[Listed records Boundary: Start]

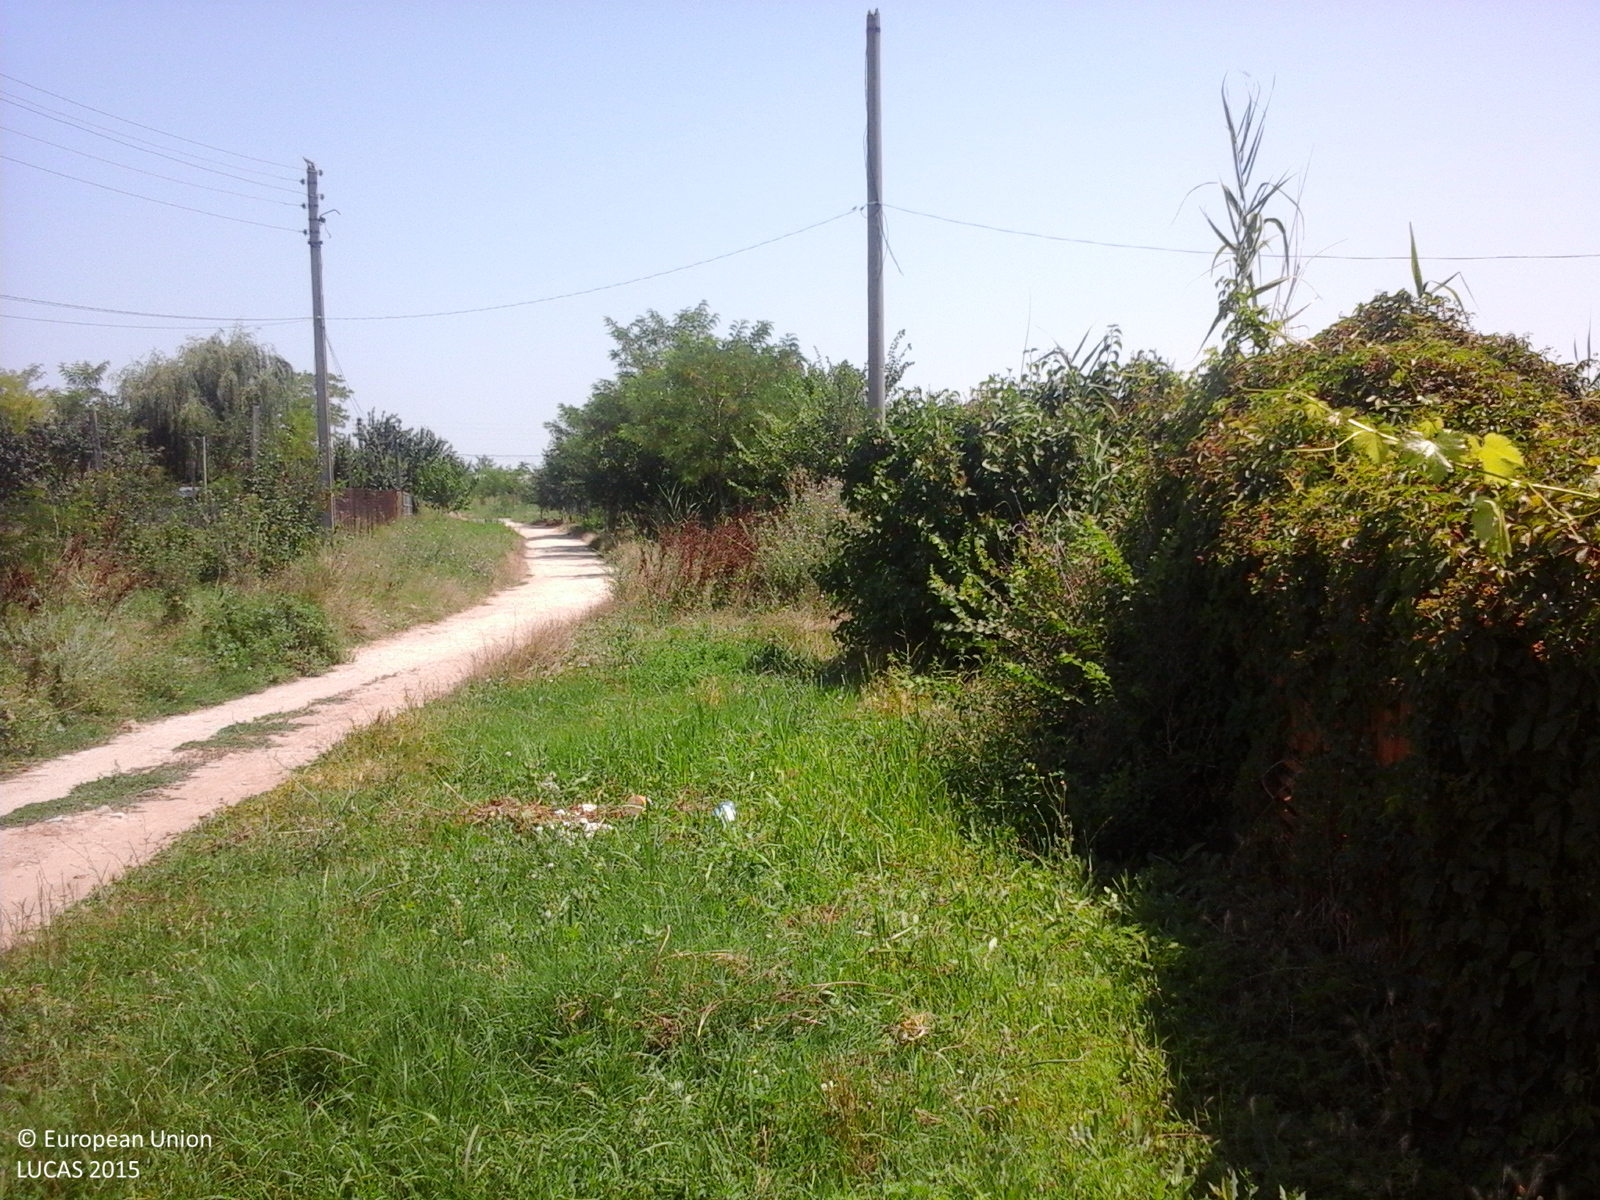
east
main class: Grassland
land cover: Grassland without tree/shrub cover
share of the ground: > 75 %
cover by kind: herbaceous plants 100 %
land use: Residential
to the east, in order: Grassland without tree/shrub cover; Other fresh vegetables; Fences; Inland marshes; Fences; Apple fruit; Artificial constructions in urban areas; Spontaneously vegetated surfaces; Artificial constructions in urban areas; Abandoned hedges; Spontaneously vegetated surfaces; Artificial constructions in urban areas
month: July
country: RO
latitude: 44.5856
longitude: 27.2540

[Listed records Boundary: End]
[Listed records Boundary: Start]

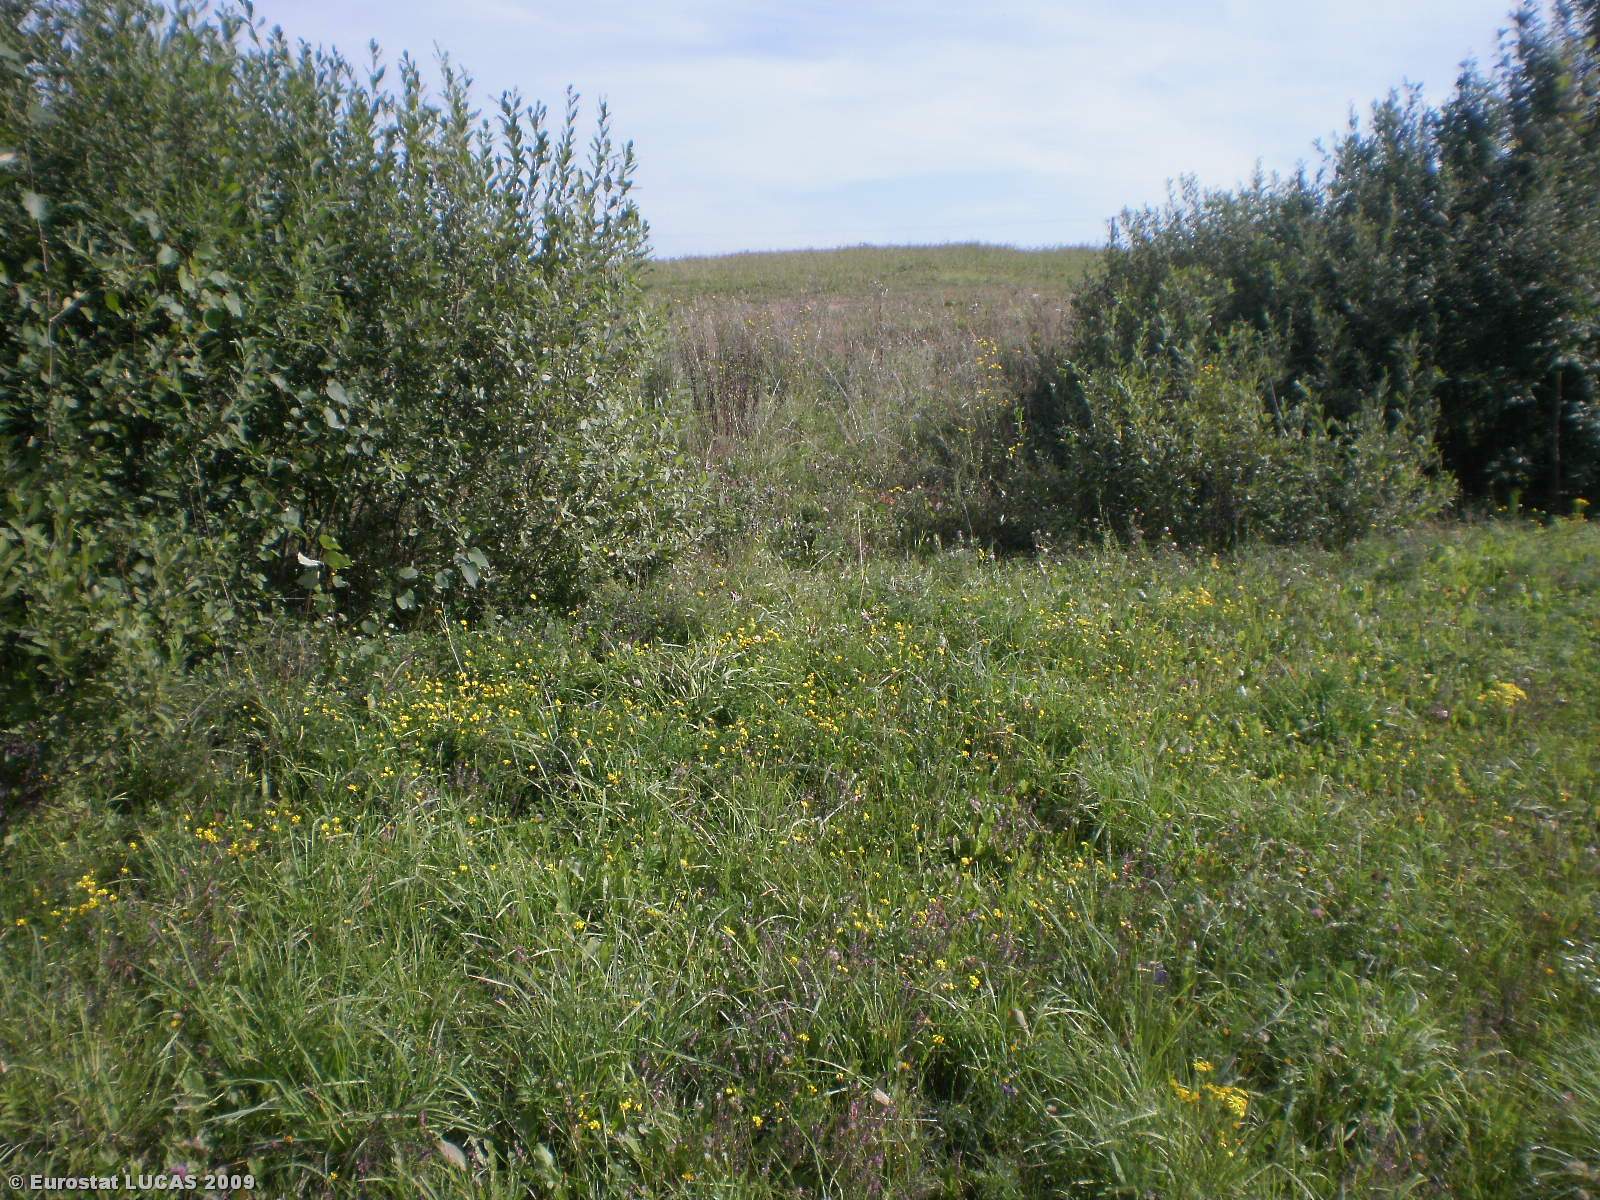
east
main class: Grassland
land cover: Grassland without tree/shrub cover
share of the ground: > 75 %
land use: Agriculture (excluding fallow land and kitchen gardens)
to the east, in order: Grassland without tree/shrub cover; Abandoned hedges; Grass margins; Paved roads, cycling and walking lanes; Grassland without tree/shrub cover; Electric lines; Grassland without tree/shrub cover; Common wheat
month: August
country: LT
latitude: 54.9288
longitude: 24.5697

[Listed records Boundary: End]
[Listed records Boundary: Start]

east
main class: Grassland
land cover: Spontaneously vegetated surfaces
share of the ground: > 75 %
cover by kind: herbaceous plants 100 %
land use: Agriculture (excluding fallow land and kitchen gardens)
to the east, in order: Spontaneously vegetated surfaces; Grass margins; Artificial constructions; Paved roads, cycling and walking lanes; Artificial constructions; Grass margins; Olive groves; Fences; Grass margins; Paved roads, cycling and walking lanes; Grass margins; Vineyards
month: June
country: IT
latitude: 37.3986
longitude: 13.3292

[Listed records Boundary: End]

Problem details. Return all lines from the data that include the string "walking".

Final answer.
to the east, in order: Grassland without tree/shrub cover; Abandoned hedges; Grass margins; Paved roads, cycling and walking lanes; Grassland without tree/shrub cover; Electric lines; Grassland without tree/shrub cover; Common wheat
to the east, in order: Spontaneously vegetated surfaces; Grass margins; Artificial constructions; Paved roads, cycling and walking lanes; Artificial constructions; Grass margins; Olive groves; Fences; Grass margins; Paved roads, cycling and walking lanes; Grass margins; Vineyards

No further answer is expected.